Until recently, motor fuel taxes were the primary way Congress funded the Highway Trust Fund. But the levy has not been increased for more than two decades and the fund increasingly relies on general revenues to keep the asphalt flowing. In June, my TPC colleague Richard Auxier calculated that inflation has slashed the value of the 18.4 cent-a-gallon gas tax more than in half since the mid-1990s.
Instead of taking the obvious and most economically justified route and increasing the levy, lawmakers prefer to rely on budget gimmicks and phantom revenues.
Senate Majority leader Mitch McConnell is scrambling to get the chamber to pass a bipartisan six-year extension of a highway law that is due to expire by the end of the week. But there is only one problem: McConnell and allies have found enough cats-and-dogs revenue provisions to fund only three years. And even many of those are problematic.
Like the Senate bill, Congress’ unwillingness to pay for highways and transit is a bipartisan story. Republicans, who once favored user fees such as gas taxes, have now fallen out of love. Democrats, who privately support an increase, are terrified they’ll once again be branded “tax-and-spenders” if they say so in public.
So Congress won’t raise gas taxes to finance the increasingly hypothetical Highway Trust Fund. Nor will it scrap the fund and just agree pay for roads and transit out of the general fund. Instead, it preserves the worst of both worlds by maintaining the fiction of a reserve fund that is increasingly underfunded.
A couple of years ago, when the highway fund was running on fumes, Congress filled the tank by cutting employer contributions to worker pensions (here’s more on that gimmick). This time, the Senate bill includes provisions to cut the interest rate the Federal Reserve pays to large banks and to sell oil from the Strategic Petroleum Reserve. (Congress loves to buy high and sell low).
But raising the gas tax, or even modernizing it by shifting to a pay-per-mile model? Not on the table.
This is odd for a GOP Congress since gas taxes have impeccable conservative credentials. Backers are fond of citing Ronald Reagan, who in 1982 signed a bill that doubled the gas tax and said, “The program will not increase the Federal deficit or add to the taxes that you and I pay on April 15. It will be paid for by those of us who use the system.”

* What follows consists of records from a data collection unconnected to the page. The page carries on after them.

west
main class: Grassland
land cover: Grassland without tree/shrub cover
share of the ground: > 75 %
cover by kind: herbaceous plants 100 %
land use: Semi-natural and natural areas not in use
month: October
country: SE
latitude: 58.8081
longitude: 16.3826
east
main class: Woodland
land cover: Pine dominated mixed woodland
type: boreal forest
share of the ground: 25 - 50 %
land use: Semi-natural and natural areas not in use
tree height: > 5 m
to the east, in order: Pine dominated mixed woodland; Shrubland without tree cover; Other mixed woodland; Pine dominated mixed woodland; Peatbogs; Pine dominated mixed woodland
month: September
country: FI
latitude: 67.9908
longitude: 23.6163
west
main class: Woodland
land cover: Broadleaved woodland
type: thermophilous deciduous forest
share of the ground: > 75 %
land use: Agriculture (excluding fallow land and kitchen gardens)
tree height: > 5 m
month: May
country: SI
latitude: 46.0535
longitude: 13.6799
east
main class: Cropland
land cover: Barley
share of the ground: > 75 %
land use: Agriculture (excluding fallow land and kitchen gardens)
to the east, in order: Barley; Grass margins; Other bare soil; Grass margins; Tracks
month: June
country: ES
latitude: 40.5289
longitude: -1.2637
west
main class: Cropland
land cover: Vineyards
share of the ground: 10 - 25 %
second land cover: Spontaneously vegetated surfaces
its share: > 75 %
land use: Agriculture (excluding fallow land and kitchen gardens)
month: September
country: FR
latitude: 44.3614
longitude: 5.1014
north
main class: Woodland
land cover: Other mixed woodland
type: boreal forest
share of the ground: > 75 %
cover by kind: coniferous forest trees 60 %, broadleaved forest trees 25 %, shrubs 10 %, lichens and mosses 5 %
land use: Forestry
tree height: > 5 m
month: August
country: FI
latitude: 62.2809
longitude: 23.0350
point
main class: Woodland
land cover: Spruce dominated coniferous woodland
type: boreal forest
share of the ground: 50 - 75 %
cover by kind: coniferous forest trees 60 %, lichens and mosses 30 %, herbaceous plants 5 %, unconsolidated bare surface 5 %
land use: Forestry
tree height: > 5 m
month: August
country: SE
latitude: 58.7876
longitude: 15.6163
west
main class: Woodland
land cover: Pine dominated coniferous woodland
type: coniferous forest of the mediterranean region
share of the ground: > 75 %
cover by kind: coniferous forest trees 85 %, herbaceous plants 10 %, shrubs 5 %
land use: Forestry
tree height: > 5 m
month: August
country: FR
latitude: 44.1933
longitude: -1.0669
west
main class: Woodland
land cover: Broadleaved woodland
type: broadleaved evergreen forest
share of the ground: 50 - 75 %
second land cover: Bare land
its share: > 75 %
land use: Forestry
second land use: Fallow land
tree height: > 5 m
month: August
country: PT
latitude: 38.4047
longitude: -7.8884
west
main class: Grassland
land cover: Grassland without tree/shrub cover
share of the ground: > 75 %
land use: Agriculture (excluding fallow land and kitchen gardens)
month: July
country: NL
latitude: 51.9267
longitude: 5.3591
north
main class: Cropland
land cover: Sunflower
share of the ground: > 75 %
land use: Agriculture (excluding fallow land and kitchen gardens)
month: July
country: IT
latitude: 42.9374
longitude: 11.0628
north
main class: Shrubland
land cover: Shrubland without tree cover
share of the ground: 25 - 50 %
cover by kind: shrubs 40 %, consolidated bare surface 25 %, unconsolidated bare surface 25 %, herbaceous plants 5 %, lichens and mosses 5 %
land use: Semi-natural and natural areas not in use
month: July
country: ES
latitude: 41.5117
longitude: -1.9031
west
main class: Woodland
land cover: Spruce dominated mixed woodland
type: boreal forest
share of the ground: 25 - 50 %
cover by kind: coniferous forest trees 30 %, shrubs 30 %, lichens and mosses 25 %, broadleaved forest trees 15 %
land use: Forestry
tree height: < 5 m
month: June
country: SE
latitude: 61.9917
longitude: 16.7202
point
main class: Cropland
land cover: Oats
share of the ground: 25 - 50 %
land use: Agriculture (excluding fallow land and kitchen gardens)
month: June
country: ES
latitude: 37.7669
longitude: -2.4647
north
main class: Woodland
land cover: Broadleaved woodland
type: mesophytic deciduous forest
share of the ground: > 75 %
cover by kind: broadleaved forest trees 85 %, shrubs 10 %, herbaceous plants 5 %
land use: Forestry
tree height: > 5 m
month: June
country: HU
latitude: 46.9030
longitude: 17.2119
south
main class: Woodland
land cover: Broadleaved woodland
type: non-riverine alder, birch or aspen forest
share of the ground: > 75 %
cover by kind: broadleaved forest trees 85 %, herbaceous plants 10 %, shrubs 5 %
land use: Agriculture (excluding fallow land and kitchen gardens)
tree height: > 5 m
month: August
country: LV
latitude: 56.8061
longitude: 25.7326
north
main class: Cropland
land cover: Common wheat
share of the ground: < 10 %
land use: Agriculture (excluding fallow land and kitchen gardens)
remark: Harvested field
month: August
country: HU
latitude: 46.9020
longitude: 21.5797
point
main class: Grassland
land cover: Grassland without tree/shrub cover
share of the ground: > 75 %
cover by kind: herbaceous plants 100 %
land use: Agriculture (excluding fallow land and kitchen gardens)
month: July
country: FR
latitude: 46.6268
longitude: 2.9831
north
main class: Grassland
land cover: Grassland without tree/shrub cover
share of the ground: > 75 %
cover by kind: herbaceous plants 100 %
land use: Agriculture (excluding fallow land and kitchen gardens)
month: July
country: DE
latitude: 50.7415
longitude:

Reagan’s user fee argument followed a long line of conservative economic thinking. Milton Friedman backed such levies. In 2006, the San Jose Mercury News asked Friedman if he favored any taxes. “Yes, there are taxes I like,” he replied, “For example, the gasoline tax, which pays for highways. You have a user tax.”
The late Nobel laureate Gary Becker also supported the idea of highway users paying for the infrastructure. Bill Niskanen, a top economic adviser to Reagan who eventually became the chairman of the libertarian Cato Institute, was also a fan.
In fact, Niskanen, Becker, and other conservative economists would have gone much further. They endorsed a hefty broad-based carbon tax—not to fund roads but to pay the much-greater societal costs of carbon consumption.
Most Democrats are unwilling to speak up for the tax either, especially since there is no chance a GOP-controlled Congress will boost the tax, and the White House has remained silent.
After much drama, the Senate will almost surely adopt the same five-month extension of the highway bill as the House. Then, come winter, lawmakers will once again debate the merits of the road bill. And once again avoid speaking the phrase “gas tax.”